Commodities Friday & Weekly

Coming Up

  • AU: Australian Employment data for March is the highlight what is an Easter-shortened week (Friday and the following Monday are public holidays). We expect the unemployment rate to fall one-tenth to 3.9% on the back of a 50k employment gain. Also on the local agenda for the week is the Westpac-Melbourne Institute Consumer Confidence survey on Wednesday, with focus on whether it rebounds following the sharp 4.2% fall in the March. The NAB Business Survey for March is also released on Tuesday.
  • NZ: Wednesday’s Monetary Policy Review is a close call between +25bps and +50bps on the OCR. BNZ opts for +25bps, to 1.25%, but also expect RBNZ rhetoric hawkish enough to be consistent with the 1.75% level on the OCR they forecast for the May MPS.
  • CH: China inflation figures are published on Monday. Consensus is CPI to move higher to 1.4% y/y from 0.9% as the drag from food price declines eases, while on the producer side, PPI is seen slowing to 8.1% y/y from 8.8% on base effects. A PBoC decision on the 1-year MLF rate is due some time from Wednesday, a 5-10bp cut from its current 2.85% likely. Focus will also remain on Covid given the lockdown in Shanghai.

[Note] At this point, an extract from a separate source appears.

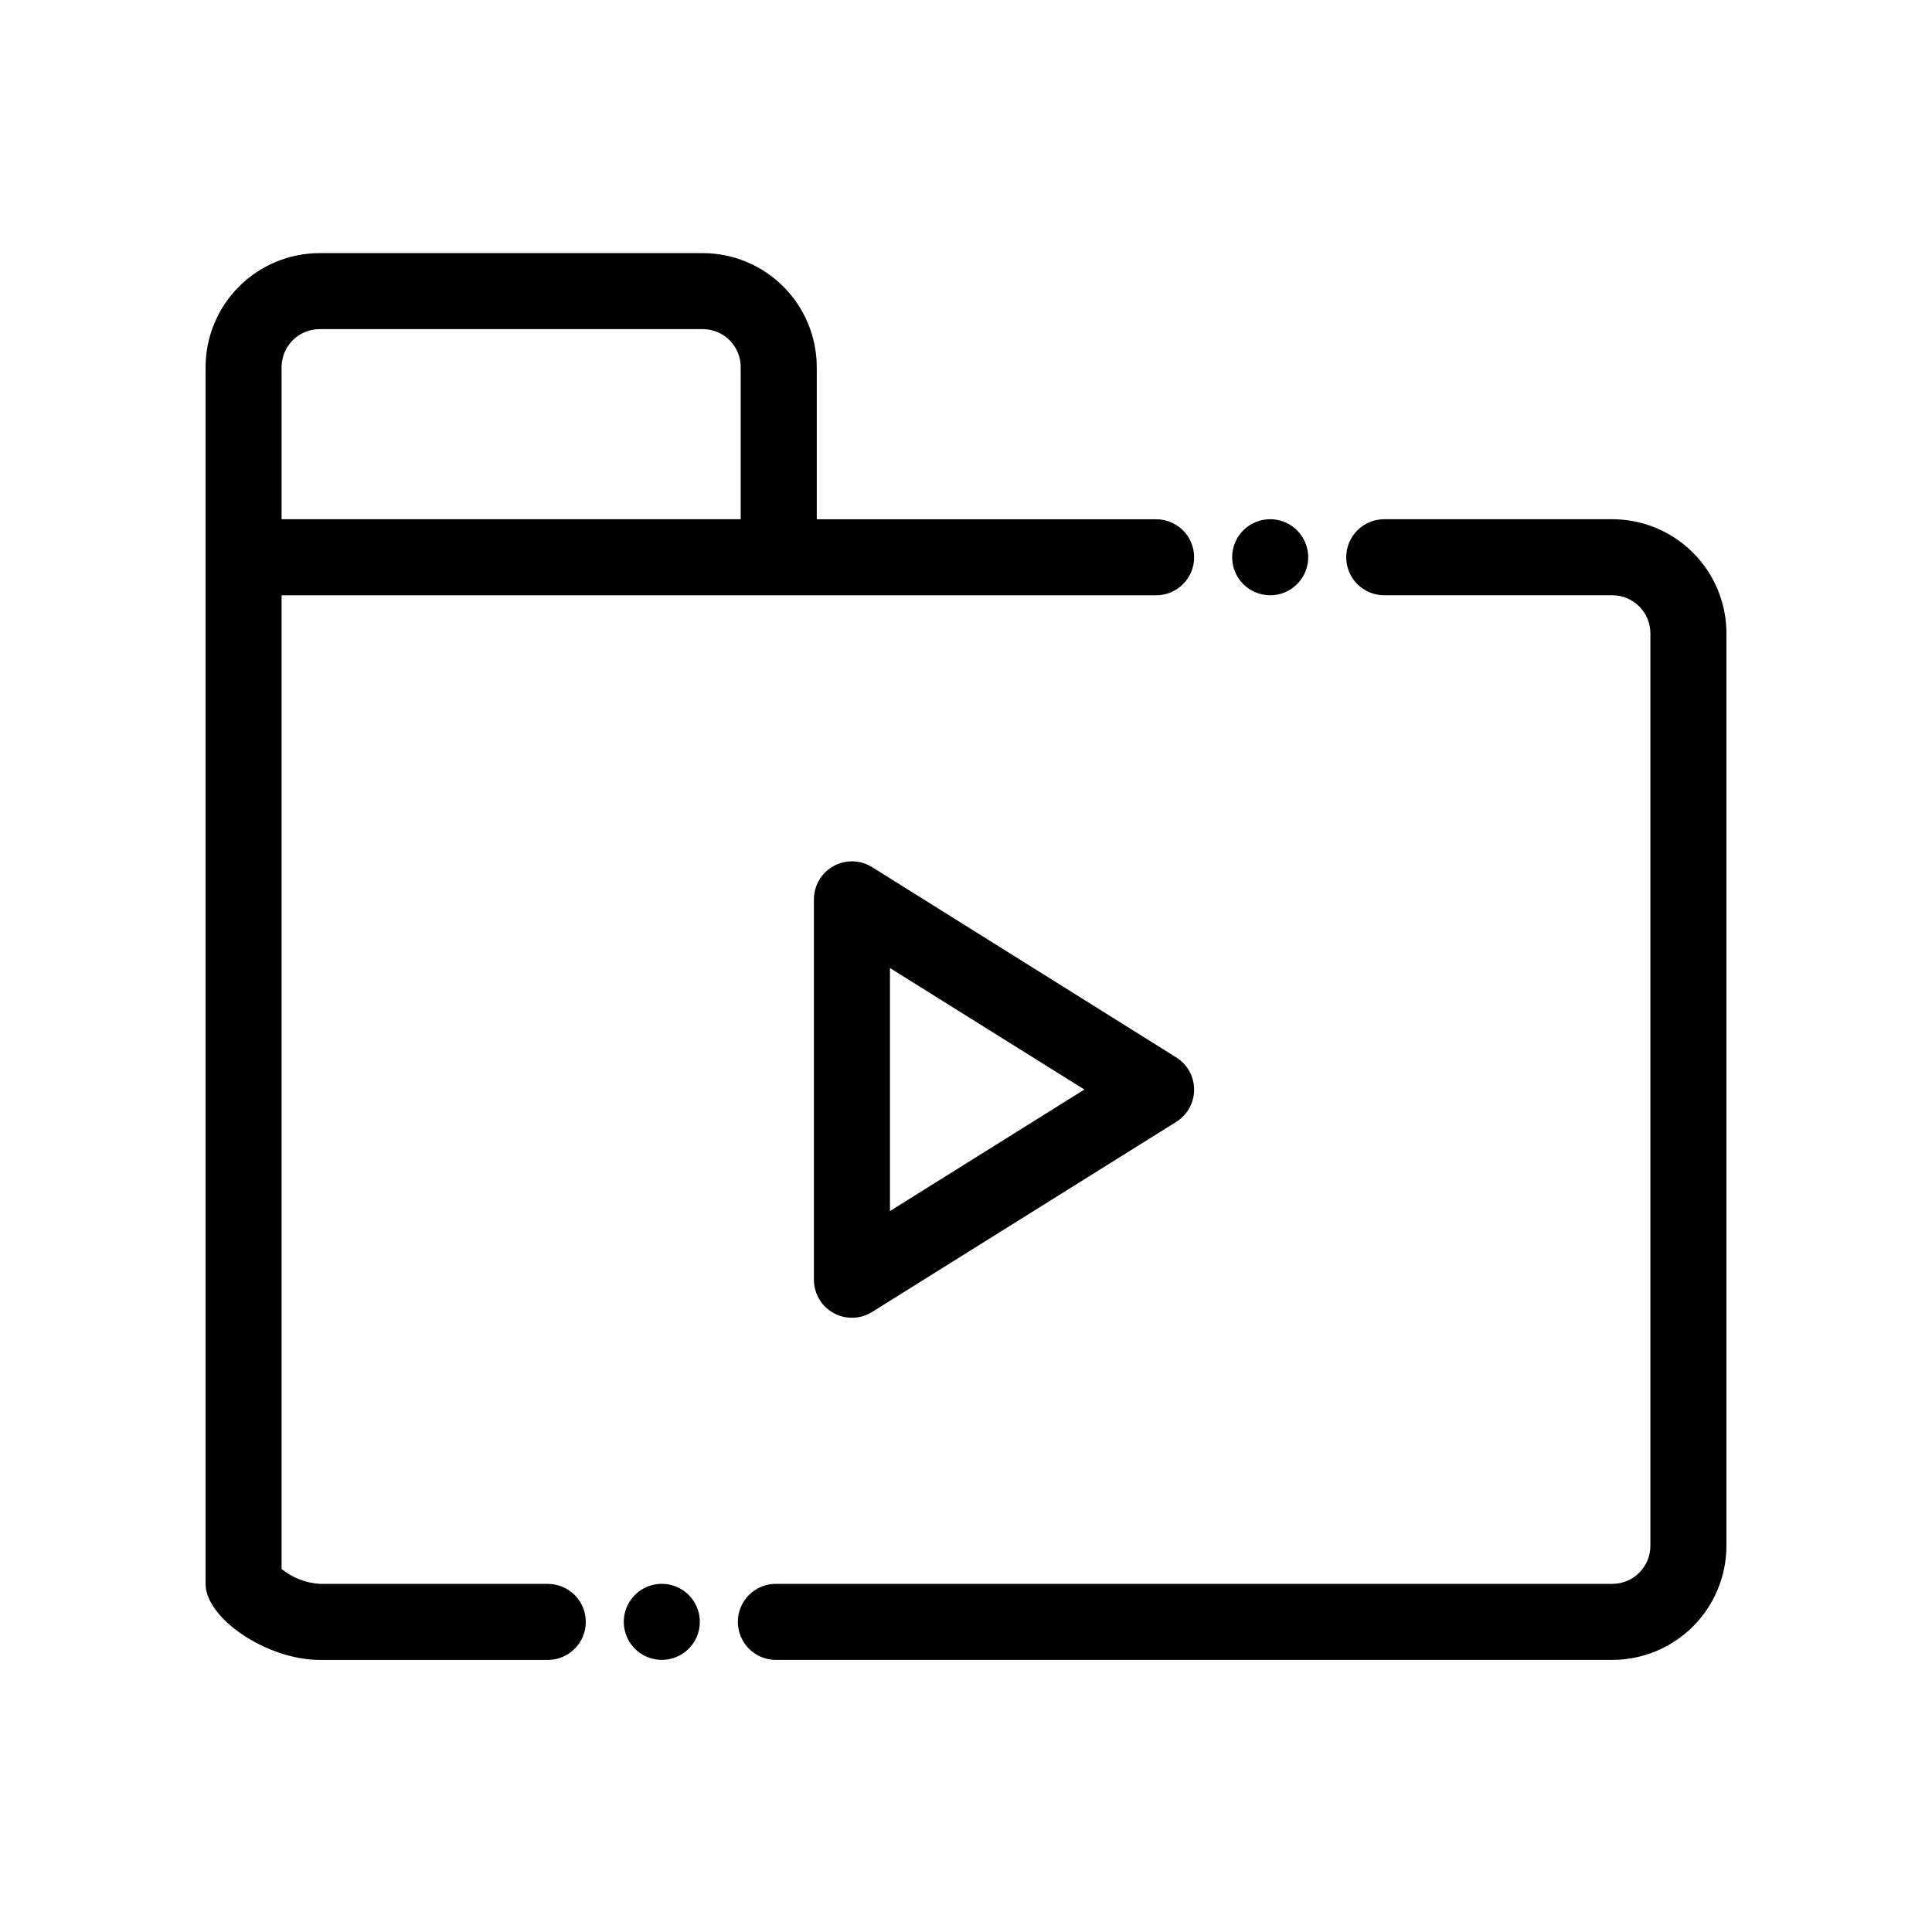 <?xml version="1.0" encoding="UTF-8"?>
<!-- Uploaded to: SVG Repo, www.svgrepo.com, Generator: SVG Repo Mixer Tools -->
<svg fill="#000000" width="800px" height="800px" version="1.1" viewBox="144 144 512 512" xmlns="http://www.w3.org/2000/svg">
 <path d="m289.16 563.74h-60.457c-3.684-0.242-7.203-1.617-10.074-3.93v-258.05h231.75c5.566 0 10.078-4.508 10.078-10.074 0-5.566-4.512-10.078-10.078-10.078h-89.926v-40.305c-0.008-8.012-3.195-15.695-8.859-21.363-5.668-5.668-13.352-8.855-21.367-8.863h-101.52c-8.016 0.008-15.699 3.195-21.367 8.863-5.664 5.668-8.852 13.352-8.859 21.363v322.44c0 9.23 16.383 20.152 30.23 20.152l60.453 0.004c5.566 0 10.078-4.512 10.078-10.078s-4.512-10.074-10.078-10.074zm-60.457-332.52h101.52c2.672 0 5.234 1.062 7.125 2.949 1.891 1.891 2.949 4.453 2.949 7.125v40.305h-121.67v-40.305c0-5.562 4.508-10.074 10.074-10.074zm372.82 80.609v241.83c-0.008 8.016-3.195 15.699-8.863 21.367-5.668 5.668-13.352 8.855-21.367 8.863h-221.68c-5.566 0-10.074-4.512-10.074-10.078s4.508-10.074 10.074-10.074h221.68c2.672 0 5.234-1.062 7.125-2.953s2.953-4.453 2.953-7.125v-241.83c0-2.672-1.062-5.234-2.953-7.125s-4.453-2.953-7.125-2.953h-60.457c-5.562 0-10.074-4.508-10.074-10.074 0-5.566 4.512-10.078 10.074-10.078h60.457c8.016 0.008 15.699 3.195 21.367 8.863 5.668 5.668 8.855 13.352 8.863 21.367zm-130.99-20.152c0-4.074 2.457-7.75 6.223-9.309 3.762-1.559 8.098-0.699 10.98 2.184 2.879 2.883 3.742 7.215 2.184 10.98-1.559 3.766-5.234 6.219-9.309 6.219-5.566 0-10.078-4.508-10.078-10.074zm-141.07 282.13c0 4.074-2.453 7.75-6.219 9.309s-8.102 0.699-10.98-2.184c-2.883-2.883-3.746-7.215-2.188-10.98 1.562-3.766 5.234-6.219 9.312-6.219 2.672 0 5.234 1.059 7.125 2.949 1.887 1.891 2.949 4.453 2.949 7.125zm45.645-200.01c-3.109-1.945-7.027-2.043-10.234-0.266-3.203 1.781-5.188 5.164-5.18 8.828v100.77c-0.008 3.664 1.977 7.047 5.18 8.828 3.207 1.777 7.125 1.68 10.234-0.266l80.609-50.383v0.004c2.945-1.844 4.738-5.07 4.738-8.547 0-3.473-1.793-6.703-4.738-8.543zm4.738 91.148v-64.406l51.523 32.203z"/>
</svg>

  • US : The centrepiece of the calendar is undoubtedly Tuesday’s CPI. The market consensus sees no slowdown in the pace of price rises with core inflation expected to be 0.5% m/m, the same as last month, and taking the annual rate to 6.6% y/y. Also in the week are Retail Sales, UoM Consumer Sentiment Survey and the April Empire State Survey – first of the manufacturing regional survey. Five Fed speakers are scheduled with Brainard in Q&A on Tuesday the one to watch. The US corporate earnings season is upon us again, starting Wednesday with JP Morgan, followed on Thursday by Wells, Citi, Goldman’s and Morgan Stanley. North of the border the Bank of Canada meets on Thursday, with a 50bp hike fully priced.
  • UK: A busy week of data out of the UK. February reads of Industrial Production and monthly GDP are due Monday, followed by labour market data out Tuesday, and inflation figures for March on Wednesday
  • EZ:  The focus will be Thursday’s ECB meeting, which sees no new economic forecasts. The central question given continued higher than forecast inflation is will the ECB use this meeting to explicitly signal an end to (APP) QE at the end of June? We think not as it can use the intervening period to assess further. However, we do anticipate a subtle shift in guidance that opens the possibility given a number of officials wanted a quicker end to QE as judged by the March meeting minutes.